I tell Ray that I envy him sometimes. He says, “When the sun is shining and my equipment is working, I enjoy what I do.” When summer thunderstorms loom and he has a mechanical breakdown, Ray says his job is not as ideal as it looks. He adds that, no matter how many challenges he has now, “life has been much more difficult at times.”

Ray was badly burned and abandoned as a six to 12-month-old baby during the London Blitz in the Second World War. He was taken to an orphanage. The officials there did not know anything about him. He was found on Latimer Street so they gave him the surname Latimer.

Through sponsorship by the United Church of Canada and the British Government, Ray came to Canada to work on a farm in Ontario. He says the farm family was kind to him, but he knew that he would not spend his life there. He found work in the construction industry and eventually began working with a seed company. This led to a position as a grain buyer at Borden. Now he spends his summers cutting grass along the highways.

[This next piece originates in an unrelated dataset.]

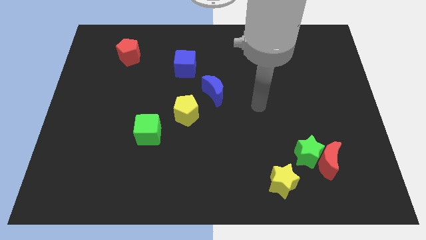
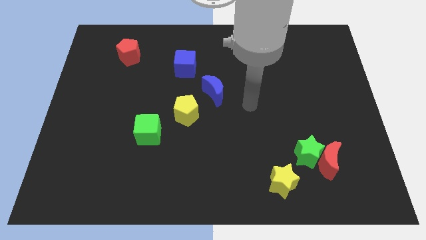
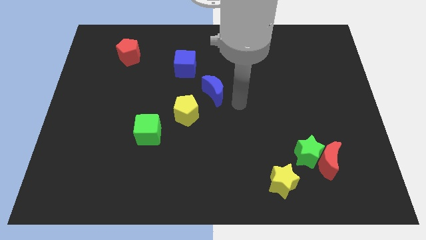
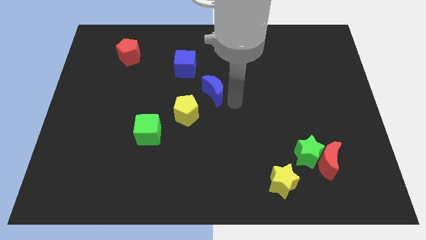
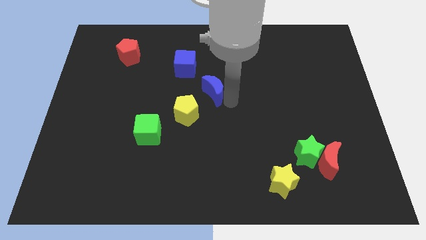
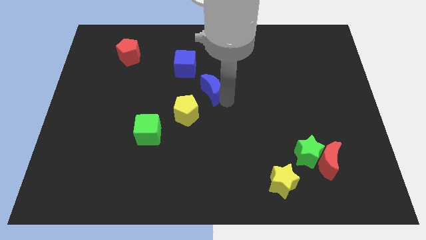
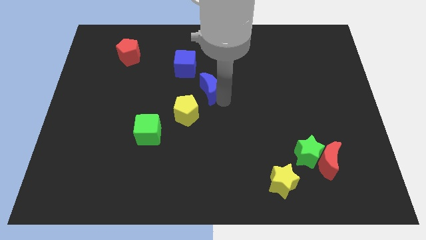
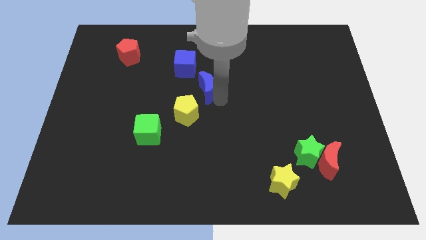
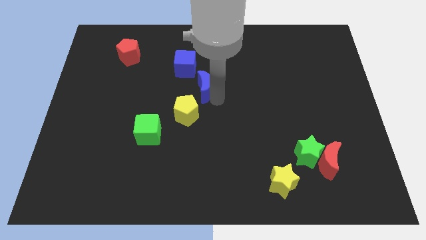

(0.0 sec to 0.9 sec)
move the blue moon to the top side of the yellow pentagon

Ray grew up alone in the world with no knowledge of his mother and father or any other family members. He wonders who they were, but this question has never been answered.

“Who am I?” is the probing question for humans. It ranks with the age-old questions “what is the nature of God?” and “what is the meaning of life?” The related questions are, “why am I here?” and “what am I supposed to be doing?” Each of us needs to answer these questions in our own way.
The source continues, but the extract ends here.